▸ Task goal
When you copy the data that follows, reproduce every word exactly and leave out the images.

Records from a data collection
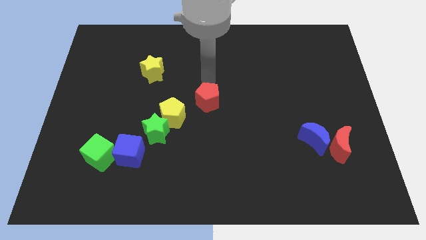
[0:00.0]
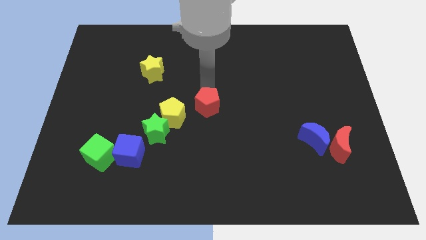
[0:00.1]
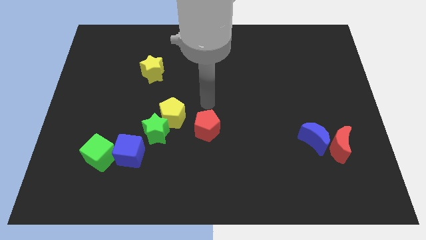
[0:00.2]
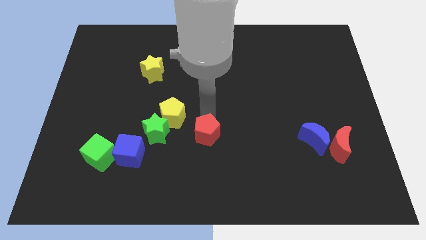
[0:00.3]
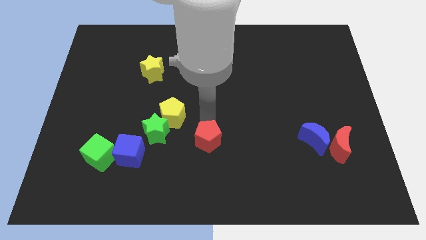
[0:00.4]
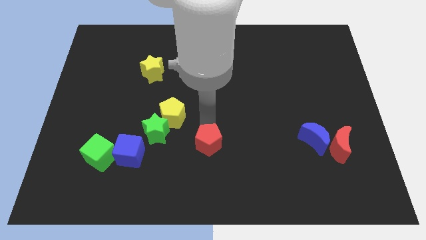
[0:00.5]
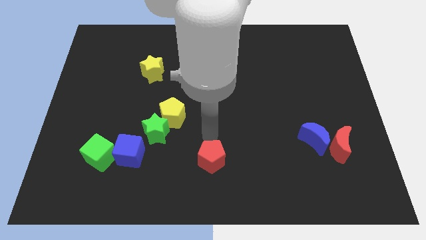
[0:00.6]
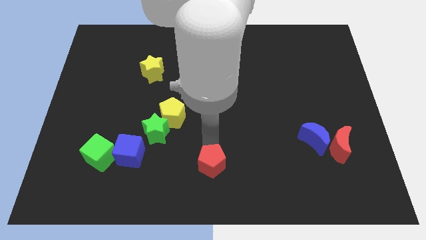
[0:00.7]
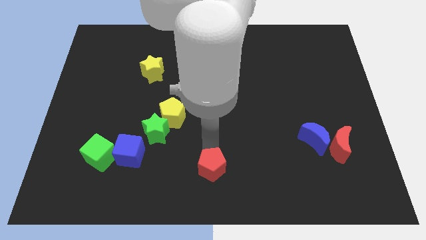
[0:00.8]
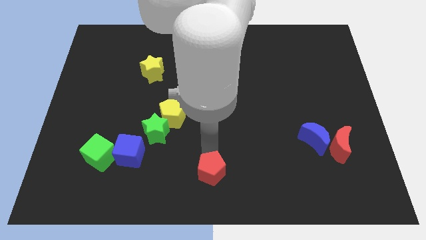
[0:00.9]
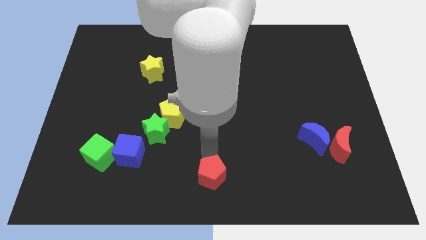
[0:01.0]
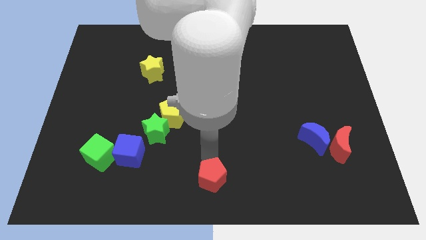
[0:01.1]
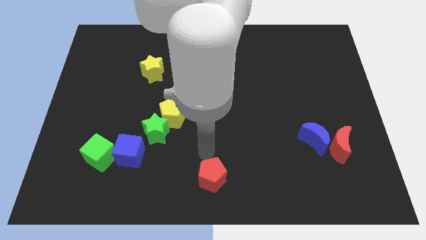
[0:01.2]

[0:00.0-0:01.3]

▸ Result
[0:00.0]
[0:00.1]
[0:00.2]
[0:00.3]
[0:00.4]
[0:00.5]
[0:00.6]
[0:00.7]
[0:00.8]
[0:00.9]
[0:01.0]
[0:01.1]
[0:01.2]

[0:00.0-0:01.3]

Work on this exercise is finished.